Der Mythos PECOS BILL

Was für eine Serie...

Von 1953-1956 erschien im Mondial Verlag PECOS BILL. Ich bin zu jung, um damit aufgewachsen zu sein, aber in den im Wien der späten 60er Jahre überall anzutreffenden Romanumtauschzentralen konnte ich einen Stapel davon ergattern. Bald war ich im Bann dieses Westernhelden mit der tollen "Sigurd-Locke". Besonders angezogen hat mich das epische Abenteuer um die geheimnisvolle Schneekönigin. Ist dieses von Gefühlen gesteuerte Rasseweib, dem auch Eifersucht nicht fremd ist, böse oder gut? Und wer ist die brave Klein-Mary, die Pecos Bill liebt? Oder liebt er doch eine andere? Eigentlich sehnt er sich ja nach einer gewissen Meg Leichtfuß, wenn er verzückt in den Mond blickt.

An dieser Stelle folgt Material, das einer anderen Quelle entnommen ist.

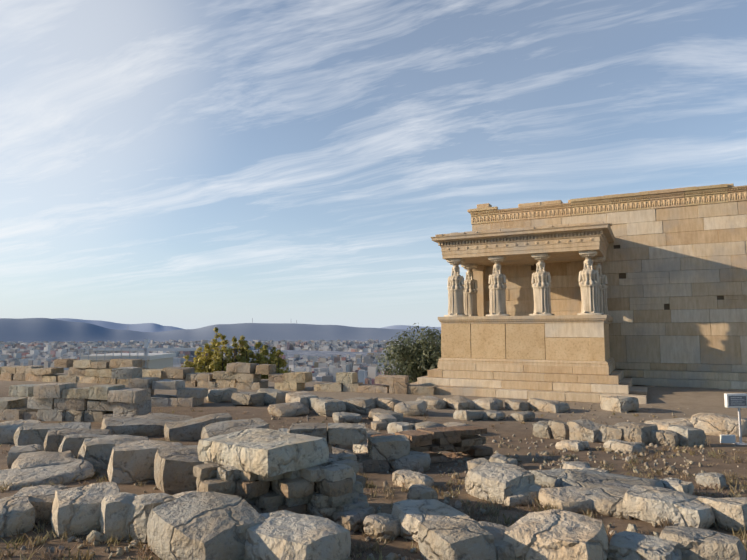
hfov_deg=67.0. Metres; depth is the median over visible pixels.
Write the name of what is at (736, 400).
info sign on post
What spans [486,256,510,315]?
caryatid
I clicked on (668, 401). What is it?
ground
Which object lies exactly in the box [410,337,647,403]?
porch steps
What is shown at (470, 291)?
caryatid
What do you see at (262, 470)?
ruins pedestal with slab
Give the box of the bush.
[181,327,291,378]
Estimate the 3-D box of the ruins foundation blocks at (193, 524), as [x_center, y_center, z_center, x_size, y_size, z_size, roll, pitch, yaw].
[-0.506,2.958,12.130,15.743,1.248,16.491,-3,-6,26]
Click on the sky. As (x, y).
(184, 164)
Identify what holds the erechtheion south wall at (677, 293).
on the ground
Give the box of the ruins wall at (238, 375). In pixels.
[0,358,437,394]
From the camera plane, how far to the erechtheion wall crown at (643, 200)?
23.15 m
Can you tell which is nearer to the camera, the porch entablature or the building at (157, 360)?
the porch entablature
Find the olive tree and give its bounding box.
[376,323,441,382]
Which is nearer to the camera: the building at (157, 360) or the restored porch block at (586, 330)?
the restored porch block at (586, 330)
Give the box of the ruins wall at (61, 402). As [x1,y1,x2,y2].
[0,367,409,472]
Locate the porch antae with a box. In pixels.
[472,260,601,315]
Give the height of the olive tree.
6.621 m
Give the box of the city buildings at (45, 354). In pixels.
[0,339,439,384]
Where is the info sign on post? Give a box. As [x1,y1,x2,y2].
[720,393,746,444]
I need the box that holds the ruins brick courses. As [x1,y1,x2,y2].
[367,426,492,462]
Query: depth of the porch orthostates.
21.20 m
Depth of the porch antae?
25.14 m
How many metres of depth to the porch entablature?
21.57 m
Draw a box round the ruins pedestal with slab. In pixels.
[184,428,368,522]
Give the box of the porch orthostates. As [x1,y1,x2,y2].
[441,323,609,360]
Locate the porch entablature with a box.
[431,221,614,265]
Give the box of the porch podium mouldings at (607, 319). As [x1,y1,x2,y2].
[438,315,614,366]
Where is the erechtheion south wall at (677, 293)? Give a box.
[472,201,746,390]
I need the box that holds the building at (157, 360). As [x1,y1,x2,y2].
[80,339,195,368]
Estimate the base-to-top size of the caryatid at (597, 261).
2.337 m
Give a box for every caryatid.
[444,258,468,316]
[460,264,477,315]
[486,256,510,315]
[529,253,554,315]
[577,250,602,314]
[592,256,610,315]
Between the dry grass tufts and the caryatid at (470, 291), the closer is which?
the dry grass tufts
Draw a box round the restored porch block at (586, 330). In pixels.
[545,323,603,337]
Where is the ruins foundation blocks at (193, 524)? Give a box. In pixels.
[0,387,746,559]
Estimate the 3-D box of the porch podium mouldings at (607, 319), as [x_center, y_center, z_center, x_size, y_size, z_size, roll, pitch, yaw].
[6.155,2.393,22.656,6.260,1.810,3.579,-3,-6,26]
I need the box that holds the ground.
[0,318,746,559]
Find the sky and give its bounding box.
[0,0,746,328]
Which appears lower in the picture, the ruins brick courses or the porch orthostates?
the ruins brick courses
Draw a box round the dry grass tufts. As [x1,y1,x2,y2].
[0,402,746,559]
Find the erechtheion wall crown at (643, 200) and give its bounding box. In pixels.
[467,183,746,224]
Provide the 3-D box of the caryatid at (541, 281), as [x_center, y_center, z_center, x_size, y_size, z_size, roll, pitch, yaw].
[6.355,0.194,21.369,0.821,2.337,0.732,-3,-6,26]
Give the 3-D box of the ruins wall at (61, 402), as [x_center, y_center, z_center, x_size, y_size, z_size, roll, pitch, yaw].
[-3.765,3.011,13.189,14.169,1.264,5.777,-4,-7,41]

Doch die hatte sich vor langer Zeit auf mysteriöse Weise auf den Erdtrabanten abgesetzt. Wie bitte? Und wer sind die seltsamen Himmelsreiter, die manchmal schemenhaft am Firmament auftauchen? Dieser ziemlich romantisch veranlagte Held von imposanter Gestalt („Die Blume von Texas, die ihm einst Klein-Mary als Liebespfand gegeben hatte, betörte seine Sinne und in seinen Ohren klang das Lied der Cowboys.“) gibt viele Rätsel auf. Zudem stirbt Pecos Bill am Ende der Serie – welcher Held aus den 50ern tut sowas?

Fremdschämen mit Davy Crockett

Pecos_BillZwei Dinge störten mich allerdings ein klein wenig beim Lesegenuss: diese viel zu langen Fransen an seiner Hose und dass ihn als Sidekick Davy – hier David – Crockett begleitet. Nicht, dass ich Crockett nicht mochte, ganz im Gegenteil, aber was wurde hier mit dem edlen Tennesseer, der in Alamo für die Freiheit von Texas starb, angestellt? Er ist ein heruntergekommener, von Fliegen umschwirrter (zumindest am Beginn der Serie) Fettwanst, der für den Klamauk der Reihe sorgen darf. Einfach nur peinlich...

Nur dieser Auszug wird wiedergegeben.